WHAT THE EXERCISE ASKS: Find the line containing "Looks like regular" in the records below. Copy exactly that line and each one after it, ending at the line containing "The image shows 32 px semibold", and nothing more.

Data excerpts
################

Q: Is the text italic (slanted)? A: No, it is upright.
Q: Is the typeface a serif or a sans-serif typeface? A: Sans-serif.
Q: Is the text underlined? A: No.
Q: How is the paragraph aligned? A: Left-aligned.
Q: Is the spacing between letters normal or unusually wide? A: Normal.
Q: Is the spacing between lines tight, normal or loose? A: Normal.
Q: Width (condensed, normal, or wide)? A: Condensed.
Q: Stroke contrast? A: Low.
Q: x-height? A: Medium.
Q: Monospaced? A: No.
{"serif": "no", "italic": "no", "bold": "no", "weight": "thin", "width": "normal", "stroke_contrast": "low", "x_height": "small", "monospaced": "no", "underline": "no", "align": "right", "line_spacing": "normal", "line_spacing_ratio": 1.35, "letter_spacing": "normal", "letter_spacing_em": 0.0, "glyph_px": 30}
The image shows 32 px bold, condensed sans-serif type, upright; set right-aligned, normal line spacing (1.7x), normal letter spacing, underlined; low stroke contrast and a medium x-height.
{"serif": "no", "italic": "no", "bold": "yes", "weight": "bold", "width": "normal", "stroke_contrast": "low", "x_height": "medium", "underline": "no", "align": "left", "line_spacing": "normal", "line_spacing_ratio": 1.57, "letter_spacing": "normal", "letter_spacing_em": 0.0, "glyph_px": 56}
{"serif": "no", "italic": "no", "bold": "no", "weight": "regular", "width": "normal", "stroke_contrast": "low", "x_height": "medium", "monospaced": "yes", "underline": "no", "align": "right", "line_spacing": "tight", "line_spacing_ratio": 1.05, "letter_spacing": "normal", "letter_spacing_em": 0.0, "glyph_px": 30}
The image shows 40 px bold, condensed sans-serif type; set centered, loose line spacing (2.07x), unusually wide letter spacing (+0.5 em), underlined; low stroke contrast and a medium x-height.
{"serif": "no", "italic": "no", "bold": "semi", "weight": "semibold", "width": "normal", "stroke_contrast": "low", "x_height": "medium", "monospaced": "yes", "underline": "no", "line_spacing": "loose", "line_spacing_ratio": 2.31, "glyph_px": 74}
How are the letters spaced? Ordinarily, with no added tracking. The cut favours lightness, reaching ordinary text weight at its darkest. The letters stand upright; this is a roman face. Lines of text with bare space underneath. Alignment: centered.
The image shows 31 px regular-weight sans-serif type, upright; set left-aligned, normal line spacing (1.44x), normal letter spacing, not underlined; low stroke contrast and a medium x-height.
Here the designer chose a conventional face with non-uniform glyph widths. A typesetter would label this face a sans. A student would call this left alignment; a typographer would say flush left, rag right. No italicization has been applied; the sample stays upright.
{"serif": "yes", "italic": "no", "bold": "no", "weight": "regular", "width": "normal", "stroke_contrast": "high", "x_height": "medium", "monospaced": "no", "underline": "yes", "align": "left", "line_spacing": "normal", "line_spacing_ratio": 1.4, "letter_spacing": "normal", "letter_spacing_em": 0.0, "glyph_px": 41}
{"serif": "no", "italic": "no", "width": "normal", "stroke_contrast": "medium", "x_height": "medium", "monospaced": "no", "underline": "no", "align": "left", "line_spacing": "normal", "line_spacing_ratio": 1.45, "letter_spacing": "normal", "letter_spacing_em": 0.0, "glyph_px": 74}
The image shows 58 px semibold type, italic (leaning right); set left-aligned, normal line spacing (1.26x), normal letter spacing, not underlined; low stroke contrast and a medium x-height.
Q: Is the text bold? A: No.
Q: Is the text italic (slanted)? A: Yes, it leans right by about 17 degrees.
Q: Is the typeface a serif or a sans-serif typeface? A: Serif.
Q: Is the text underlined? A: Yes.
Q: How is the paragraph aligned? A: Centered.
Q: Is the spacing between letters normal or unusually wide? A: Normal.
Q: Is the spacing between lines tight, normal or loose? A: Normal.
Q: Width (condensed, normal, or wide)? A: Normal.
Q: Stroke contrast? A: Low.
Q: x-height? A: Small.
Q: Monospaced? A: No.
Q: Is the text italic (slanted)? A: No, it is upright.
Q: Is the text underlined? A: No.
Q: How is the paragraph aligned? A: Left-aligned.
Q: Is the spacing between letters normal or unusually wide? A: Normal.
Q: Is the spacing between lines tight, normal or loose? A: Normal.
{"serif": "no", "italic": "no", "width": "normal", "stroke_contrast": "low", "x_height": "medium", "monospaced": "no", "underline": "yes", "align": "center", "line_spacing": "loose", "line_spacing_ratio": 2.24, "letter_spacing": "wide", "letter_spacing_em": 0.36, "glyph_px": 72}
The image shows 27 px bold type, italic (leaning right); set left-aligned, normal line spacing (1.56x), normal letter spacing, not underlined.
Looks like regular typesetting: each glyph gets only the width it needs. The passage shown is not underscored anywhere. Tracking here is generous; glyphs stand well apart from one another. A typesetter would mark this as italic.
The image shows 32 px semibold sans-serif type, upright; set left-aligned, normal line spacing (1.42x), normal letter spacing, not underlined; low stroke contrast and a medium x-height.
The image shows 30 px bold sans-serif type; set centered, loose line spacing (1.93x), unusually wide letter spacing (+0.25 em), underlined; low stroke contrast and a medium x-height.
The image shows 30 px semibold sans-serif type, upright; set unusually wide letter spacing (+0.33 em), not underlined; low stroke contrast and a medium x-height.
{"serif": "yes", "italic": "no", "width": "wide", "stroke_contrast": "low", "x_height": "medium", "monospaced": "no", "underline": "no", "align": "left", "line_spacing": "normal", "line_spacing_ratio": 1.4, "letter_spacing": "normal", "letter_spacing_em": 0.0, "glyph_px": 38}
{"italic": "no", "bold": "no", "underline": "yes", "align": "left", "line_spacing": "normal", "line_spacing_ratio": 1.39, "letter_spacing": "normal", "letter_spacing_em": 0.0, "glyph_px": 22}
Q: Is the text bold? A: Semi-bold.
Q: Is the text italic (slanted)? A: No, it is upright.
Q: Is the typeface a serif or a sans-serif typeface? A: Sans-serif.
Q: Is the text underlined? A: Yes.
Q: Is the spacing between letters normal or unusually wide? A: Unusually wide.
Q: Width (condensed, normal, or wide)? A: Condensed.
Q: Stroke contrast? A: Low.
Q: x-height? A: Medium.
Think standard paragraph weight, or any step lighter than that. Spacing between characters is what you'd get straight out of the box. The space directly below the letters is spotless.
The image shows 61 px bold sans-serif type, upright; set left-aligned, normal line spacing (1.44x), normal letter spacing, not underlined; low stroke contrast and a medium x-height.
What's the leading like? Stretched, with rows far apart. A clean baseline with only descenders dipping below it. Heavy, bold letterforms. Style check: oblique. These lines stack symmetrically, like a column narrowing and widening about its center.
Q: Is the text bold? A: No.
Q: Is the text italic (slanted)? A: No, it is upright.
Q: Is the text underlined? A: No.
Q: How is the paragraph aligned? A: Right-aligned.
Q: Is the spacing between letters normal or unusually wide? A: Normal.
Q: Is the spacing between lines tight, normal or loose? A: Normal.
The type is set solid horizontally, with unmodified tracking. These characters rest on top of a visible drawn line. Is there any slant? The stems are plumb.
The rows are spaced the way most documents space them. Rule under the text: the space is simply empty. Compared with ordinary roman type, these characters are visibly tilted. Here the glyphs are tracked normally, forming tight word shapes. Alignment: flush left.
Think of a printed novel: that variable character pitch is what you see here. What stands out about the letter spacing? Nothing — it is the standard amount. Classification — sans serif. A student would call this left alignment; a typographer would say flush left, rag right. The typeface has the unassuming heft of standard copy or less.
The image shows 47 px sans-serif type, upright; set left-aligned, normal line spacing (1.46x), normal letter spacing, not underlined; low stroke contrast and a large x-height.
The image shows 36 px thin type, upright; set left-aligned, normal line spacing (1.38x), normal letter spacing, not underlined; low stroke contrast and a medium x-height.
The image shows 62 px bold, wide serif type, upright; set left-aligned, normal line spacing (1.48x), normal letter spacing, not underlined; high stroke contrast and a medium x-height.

################

RESULT:
Looks like regular typesetting: each glyph gets only the width it needs. The passage shown is not underscored anywhere. Tracking here is generous; glyphs stand well apart from one another. A typesetter would mark this as italic.
The image shows 32 px semibold sans-serif type, upright; set left-aligned, normal line spacing (1.42x), normal letter spacing, not underlined; low stroke contrast and a medium x-height.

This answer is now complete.